Thermodynamic properties of liquid
absorbents are important for
industrial applications. Ionic liquids (ILs) are more efficient alternatives
to organic solvents that are used for CO2 absorption and
storage. The IL, 1-butyl-3-methylimidazolium thiocyanate ([BMIM] [SCN])
with ethanolamines are considered as an efficient material for gas
absorption. The density and speed of sound for a full-range concentration
of binary ([BMIM] [SCN] + ethanolamine (MEA)/diethanolamine (DEA)/triethanolamine
(TEA)) systems have been measured at (288.15 – 318.15) K, and
excess molar properties as nonideality of the mixtures has been calculated.

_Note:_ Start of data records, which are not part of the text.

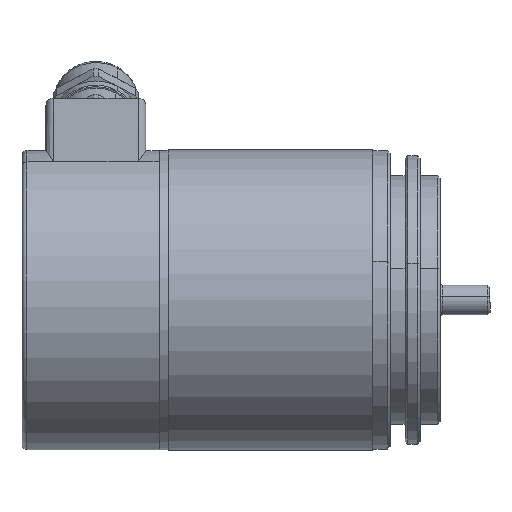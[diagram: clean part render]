
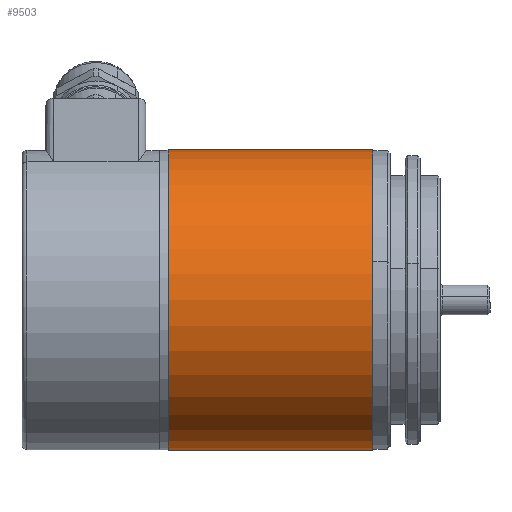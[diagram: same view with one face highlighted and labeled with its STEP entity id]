
A CAD part, left-side view. The second image highlights one B-rep face of the part: STEP entity #9503.
In plain terms, the highlighted cylindrical face has radius 30.15 mm (diameter 60.3 mm), a partial arc.
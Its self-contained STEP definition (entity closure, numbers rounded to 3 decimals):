
#33 = DIRECTION ( 'NONE',  ( 0., 1., 0. ) ) ;
#229 = CYLINDRICAL_SURFACE ( 'NONE', #8038, 30.15 ) ;
#611 = CARTESIAN_POINT ( 'NONE',  ( 0., 19.5, 0. ) ) ;
#644 = DIRECTION ( 'NONE',  ( 0., 0., 1. ) ) ;
#673 = EDGE_CURVE ( 'NONE', #4103, #1899, #10891, .T. ) ;
#1899 = VERTEX_POINT ( 'NONE', #5861 ) ;
#2213 = DIRECTION ( 'NONE',  ( 0., 1., 0. ) ) ;
#2343 = CARTESIAN_POINT ( 'NONE',  ( 0., 60.5, 30.15 ) ) ;
#2462 = VERTEX_POINT ( 'NONE', #2343 ) ;
#2472 = CARTESIAN_POINT ( 'NONE',  ( 0., 19.5, -30.15 ) ) ;
#2523 = DIRECTION ( 'NONE',  ( 0., -1., 0. ) ) ;
#3106 = EDGE_CURVE ( 'NONE', #10972, #4103, #7783, .T. ) ;
#3178 = DIRECTION ( 'NONE',  ( 0., 0., -1. ) ) ;
#3660 = LINE ( 'NONE', #9072, #7906 ) ;
#4103 = VERTEX_POINT ( 'NONE', #2472 ) ;
#5660 = VECTOR ( 'NONE', #7230, 1000. ) ;
#5861 = CARTESIAN_POINT ( 'NONE',  ( 0., 60.5, -30.15 ) ) ;
#6379 = CARTESIAN_POINT ( 'NONE',  ( 0., 19.5, -30.15 ) ) ;
#6483 = ORIENTED_EDGE ( 'NONE', *, *, #3106, .F. ) ;
#7062 = ORIENTED_EDGE ( 'NONE', *, *, #11590, .T. ) ;
#7215 = EDGE_CURVE ( 'NONE', #2462, #1899, #10576, .T. ) ;
#7230 = DIRECTION ( 'NONE',  ( 0., 1., 0. ) ) ;
#7252 = CARTESIAN_POINT ( 'NONE',  ( 0., 19.5, 30.15 ) ) ;
#7783 = CIRCLE ( 'NONE', #7970, 30.15 ) ;
#7885 = AXIS2_PLACEMENT_3D ( 'NONE', #11559, #8880, #644 ) ;
#7906 = VECTOR ( 'NONE', #33, 1000. ) ;
#7970 = AXIS2_PLACEMENT_3D ( 'NONE', #611, #2523, #11400 ) ;
#8038 = AXIS2_PLACEMENT_3D ( 'NONE', #9665, #2213, #3178 ) ;
#8880 = DIRECTION ( 'NONE',  ( 0., -1., 0. ) ) ;
#9072 = CARTESIAN_POINT ( 'NONE',  ( 0., 19.5, 30.15 ) ) ;
#9503 = ADVANCED_FACE ( 'NONE', ( #11338 ), #229, .T. ) ;
#9665 = CARTESIAN_POINT ( 'NONE',  ( 0., 19.5, 0. ) ) ;
#10576 = CIRCLE ( 'NONE', #7885, 30.15 ) ;
#10891 = LINE ( 'NONE', #6379, #5660 ) ;
#10922 = EDGE_LOOP ( 'NONE', ( #6483, #7062, #11900, #10934 ) ) ;
#10934 = ORIENTED_EDGE ( 'NONE', *, *, #673, .F. ) ;
#10972 = VERTEX_POINT ( 'NONE', #7252 ) ;
#11338 = FACE_OUTER_BOUND ( 'NONE', #10922, .T. ) ;
#11400 = DIRECTION ( 'NONE',  ( 0., 0., 1. ) ) ;
#11559 = CARTESIAN_POINT ( 'NONE',  ( 0., 60.5, 0. ) ) ;
#11590 = EDGE_CURVE ( 'NONE', #10972, #2462, #3660, .T. ) ;
#11900 = ORIENTED_EDGE ( 'NONE', *, *, #7215, .T. ) ;

The conductor-like screening model (COSMO) as a microscopic approach
has been used to calculate the PC-SAFT equation of state parameters,
prediction the density of the studied mixtures, and compare the experimentally
obtained parameters of PC-SAFT. The excess molar volumes for systems
containing IL + monoethanolamine are positive while negative for DEA
and TEA. Also, the excess isentropic compressibilities for the studied
mixtures are negative at all temperatures. The PC-SAFT equation of
state as a microscopic approach for interpreting the molecular interactions
is an efficient model in predicting thermodynamic properties. The
results indicate that increasing OH groups of ethanolamines enhances
their interactions with IL molecules.